En un nivel más secundario está Sansa, que aparece brevemente dejando en el aire su nuevo rumbo. Brienne tiene incluso menos tiempo y menos claro es su destino, pero la cercanía de ambas secciones (genial el golpe de la carreta pasando cerca) matiza bien la tenue conexión entre ellas. Y ambas partes ofrecen lo justo para no quedar descolgadas, la de Sansa en especial, porque ata bien el lugar del joven Robin Arry, heredero de El Valle, en el nuevo orden de acontecimientos bajo la dirección del ladino Meñique.

El reinado de Dany y el poder de Cersei también están constantemente en la cuerda floja. La primera se enfrenta a los Hijos de la Arpía, quienes abogan por mantener la cultura de la zona (esclavismo, pozos de lucha a muerte) contra los cambios impuestos por ella. ¿Hay un término medio que contente a ambos bandos? Parece que no, y la pugna va a desarrollarse por el método de la guerrilla. Cersei y Margaery, como decía, observan la situación esperando nuevas debilidades y oportunidades por donde atacar. ¿Quién saldrá airosa en la lucha por la regencia de los Siete Reinos? Por cierto, Loras metido a gorrión descoloca (se agrace el resumen antes del capítulo): sí, es el mismo actor, pero mucho más fornido cuando debería estar más delgado dada su nueva vida dedicada a lo frugal. De Jaime no se señala un nuevo rumbo más que sutilmente: cada vez pinta menos al lado de Cersei.

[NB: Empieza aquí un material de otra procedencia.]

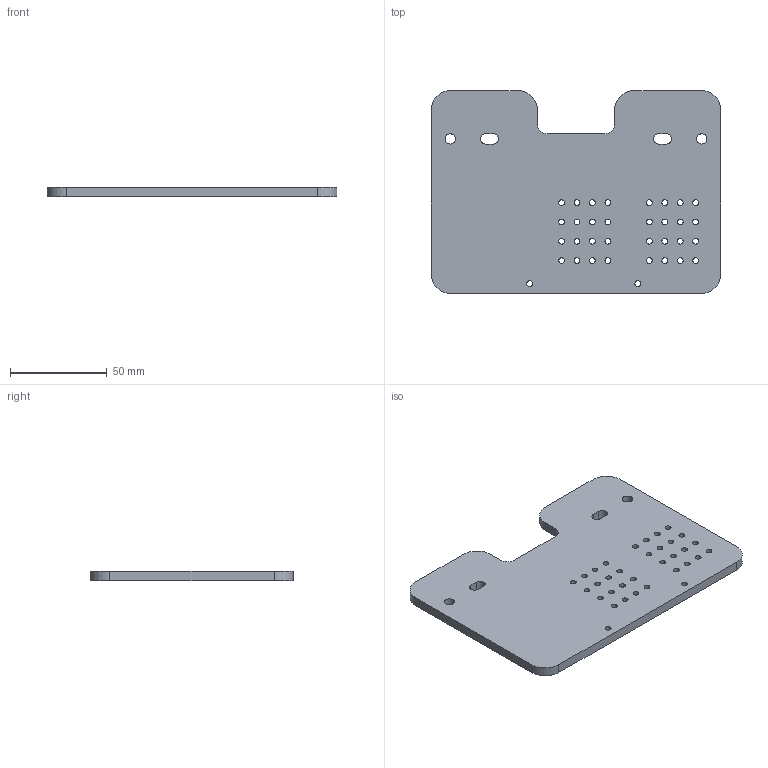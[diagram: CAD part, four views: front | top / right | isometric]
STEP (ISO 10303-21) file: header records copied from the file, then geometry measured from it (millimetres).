
FILE_DESCRIPTION(/* description */ (''),/* implementation_level */ '2;1');
FILE_NAME(/* name */ '合页连接板-方案二-改 v12.step',/* time_stamp */ '2022-10-01T10:54:33+08:00',/* author */ (''),/* organization */ (''),/* preprocessor_version */ 'ST-DEVELOPER v19',/* originating_system */ 'Autodesk Translation Framework v11.7.0.108',/* authorisation */ '');
FILE_SCHEMA (('AUTOMOTIVE_DESIGN { 1 0 10303 214 3 1 1 }'));
Length unit declared in the file: millimetre
Products named in the file (1): 合页连接板-方案二-改
Bounding box: 150 x 105 x 5 mm (x, y, z)
Volume: 71832.6 mm3; surface area: 33373.1 mm2
Topology: 1 solids, 1 shells, 62 faces, 180 edges, 120 vertices
Faces by surface type: cylinder 48, plane 14
Full cylindrical faces by diameter (mm): 3 x32, 3.05 x2, 5.3 x2
Entity records: 2285 total; most frequent: DIRECTION 402, CARTESIAN_POINT 363, ORIENTED_EDGE 360, EDGE_CURVE 180, AXIS2_PLACEMENT_3D 159, EDGE_LOOP 138, VERTEX_POINT 120, CIRCLE 96

Momentos negativos hay pocos, solo una escena y un par de detalles sueltos. El flashback de Cersei me parece bastante chapucero. Primero, no es una secuencia digna para abrir la temporada, pues por mucho que fuercen la intriga sólo sirve para matizar un detalle de la personalidad de un protagonista, no tiene más impacto. Segundo, realmente no aporta nada nuevo, sino cosas obvias: la situación y el porvenir de Cersei son más que evidentes, ¿de verdad hacía falta una escena entera para reincidir en ello? Y tercero… madre mía, señores guionistas, si vais a cambiar cosas respecto a las novelas, mantened la coherencia en los siguientes capítulos: en la primera temporada Cersei afirmó haber tenido un hijo de Robert (pelo negro), que vivió poco porque las fiebres se lo llevaron. Aquí es como si no existiera en la cuenta de hijos. La cagada es ridícula. Y aparte, muchos fans lectores aplaudieron que por fin incluyeran un flashback, como si ello fuera abrir la veda para entrar por fin en las historias sobre Rhaegar, Ned y Robert de jóvenes, pero es formarse ilusiones sin base alguna. En cuanto a detalles, es absurdo que no veamos a Illyrio, a pesar de estar en su casa, mencionarlo varias veces y quedar claro que forma parte de esas maquinaciones en la sombra que pueden cambiar el mundo. Luego tenemos la barba de Tyrion: el estrecho entre Desembarco del Rey y Pentos no parece dar para más de una o dos semanas de navegación, pero aparece con una frondosa barba de muchos meses.